**Work instruction**
Go through the listing below and repeat it exactly, omitting each picture.

**Material for the task**
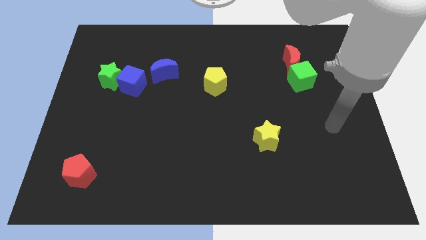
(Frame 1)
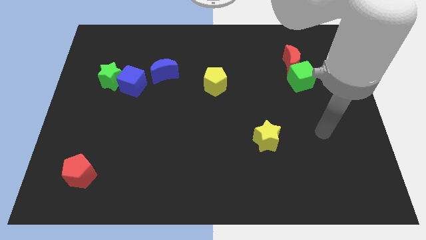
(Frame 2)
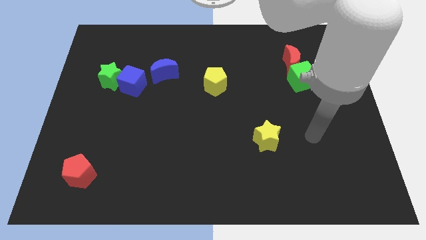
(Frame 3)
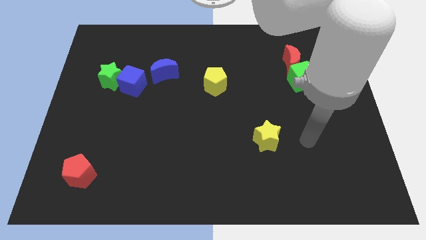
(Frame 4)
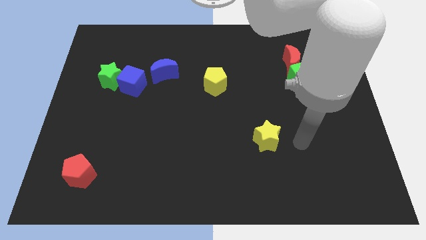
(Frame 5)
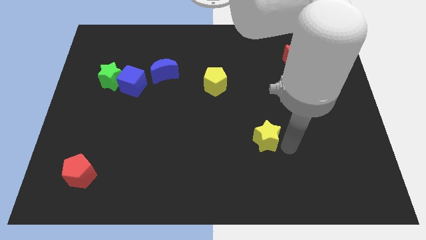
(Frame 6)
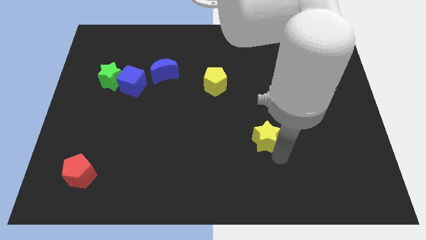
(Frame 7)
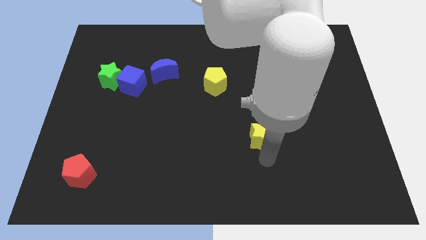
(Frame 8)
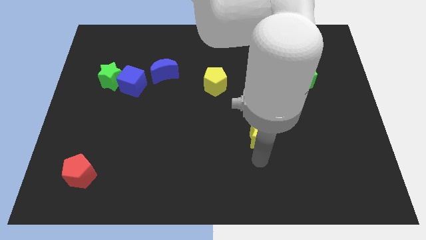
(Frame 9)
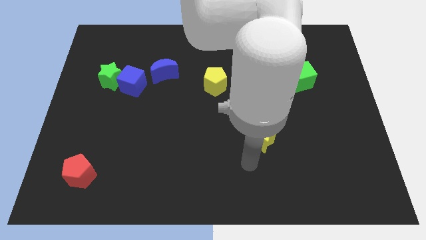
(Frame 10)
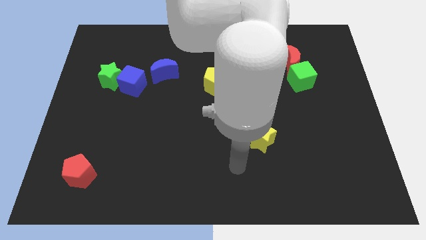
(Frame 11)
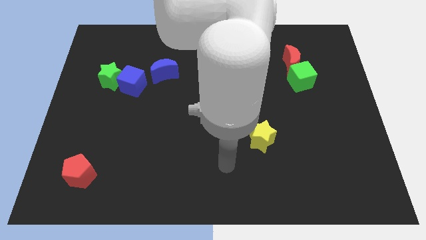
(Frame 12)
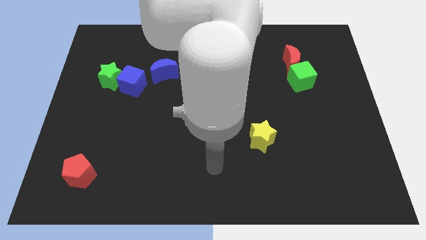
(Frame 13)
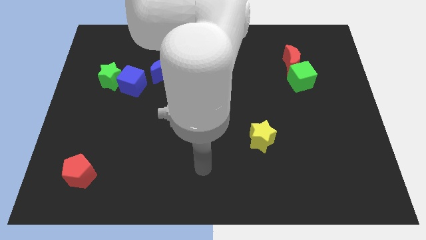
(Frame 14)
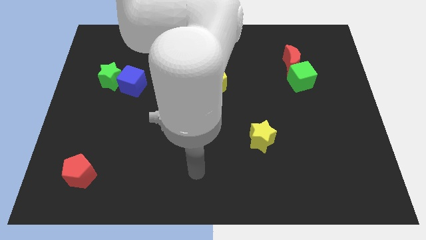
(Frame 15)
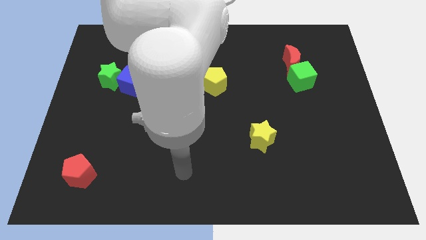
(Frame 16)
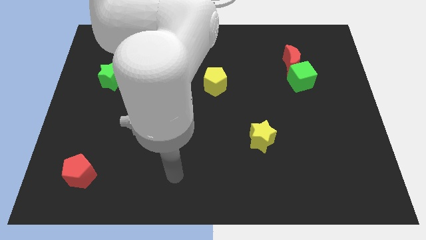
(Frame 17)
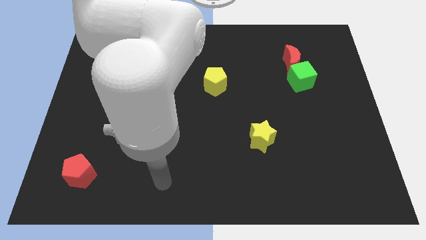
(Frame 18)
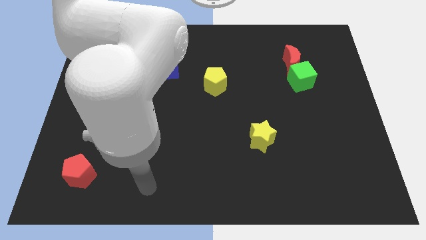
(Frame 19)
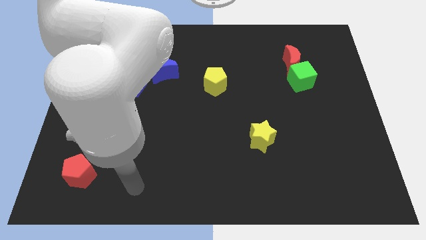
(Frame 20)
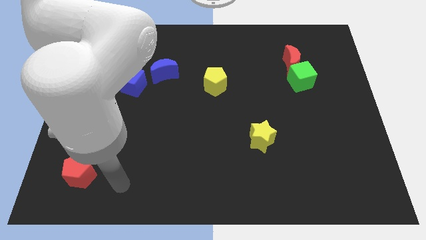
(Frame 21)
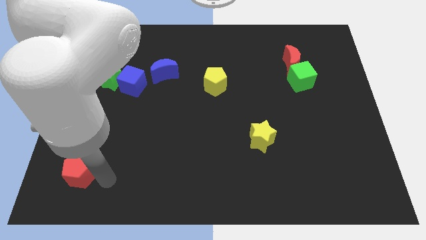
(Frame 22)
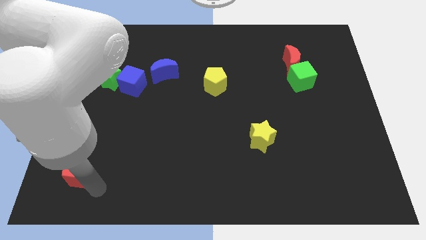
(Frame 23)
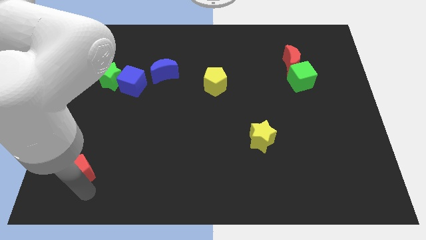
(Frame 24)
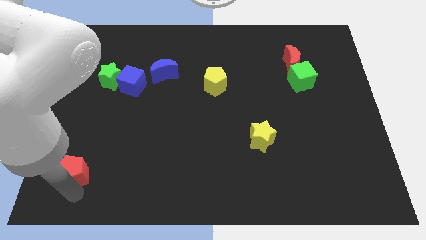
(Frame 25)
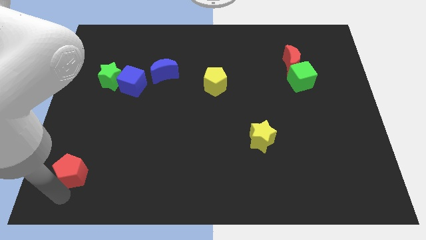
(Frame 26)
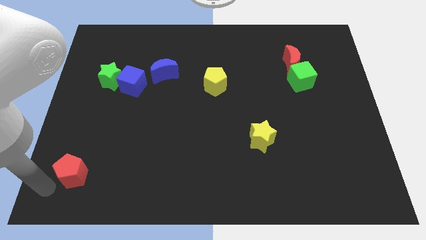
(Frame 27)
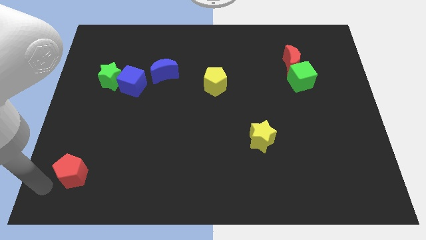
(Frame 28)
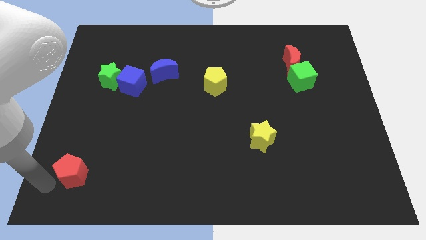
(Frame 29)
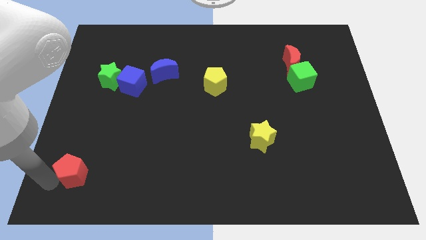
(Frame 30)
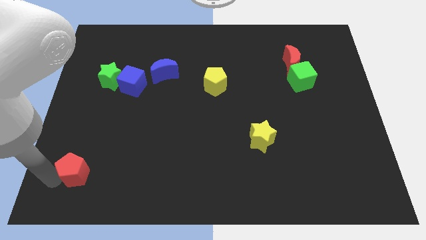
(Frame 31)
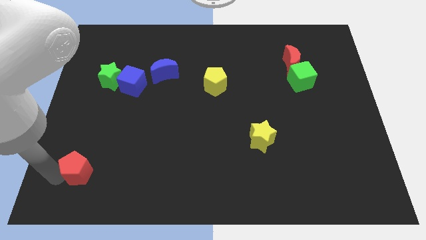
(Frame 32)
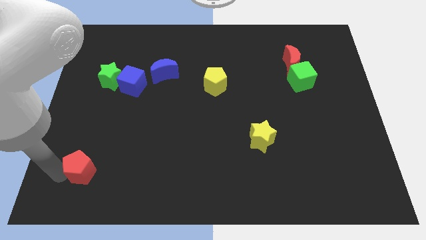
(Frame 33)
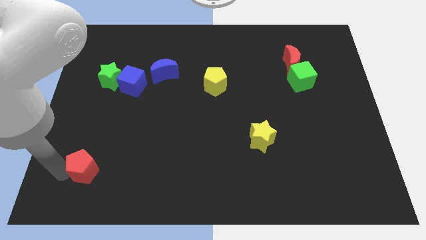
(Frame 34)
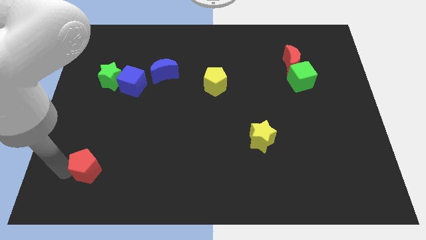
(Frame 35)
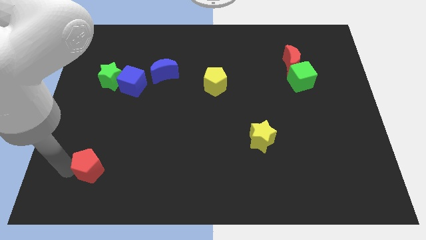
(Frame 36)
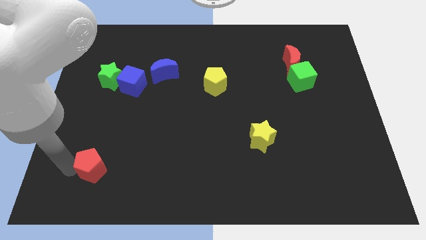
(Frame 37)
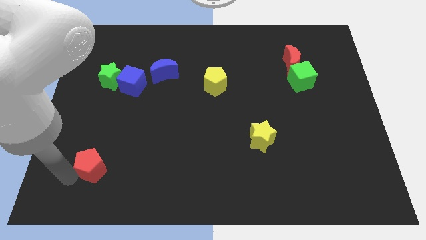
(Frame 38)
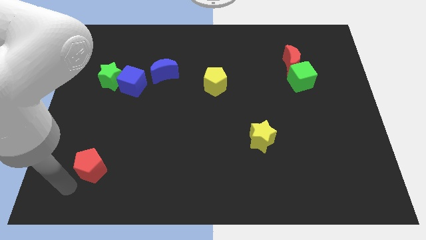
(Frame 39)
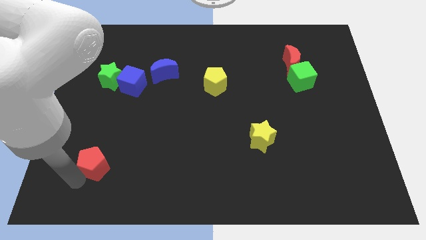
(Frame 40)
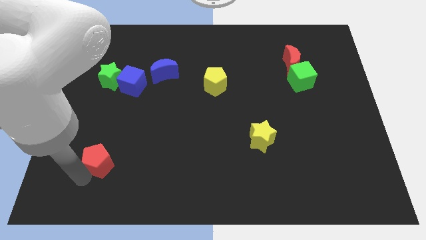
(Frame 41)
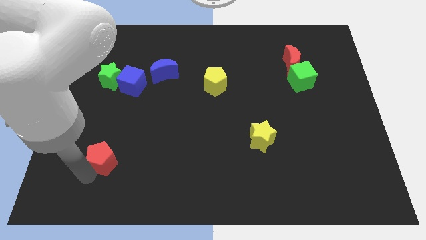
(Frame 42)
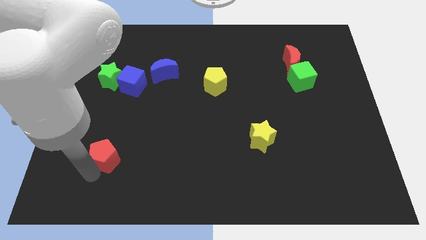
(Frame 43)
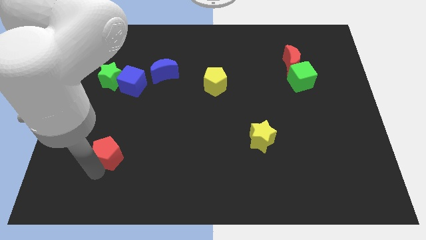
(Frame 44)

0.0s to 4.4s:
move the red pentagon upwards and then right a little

**Response to the exercise**
(Frame 1)
(Frame 2)
(Frame 3)
(Frame 4)
(Frame 5)
(Frame 6)
(Frame 7)
(Frame 8)
(Frame 9)
(Frame 10)
(Frame 11)
(Frame 12)
(Frame 13)
(Frame 14)
(Frame 15)
(Frame 16)
(Frame 17)
(Frame 18)
(Frame 19)
(Frame 20)
(Frame 21)
(Frame 22)
(Frame 23)
(Frame 24)
(Frame 25)
(Frame 26)
(Frame 27)
(Frame 28)
(Frame 29)
(Frame 30)
(Frame 31)
(Frame 32)
(Frame 33)
(Frame 34)
(Frame 35)
(Frame 36)
(Frame 37)
(Frame 38)
(Frame 39)
(Frame 40)
(Frame 41)
(Frame 42)
(Frame 43)
(Frame 44)

0.0s to 4.4s:
move the red pentagon upwards and then right a little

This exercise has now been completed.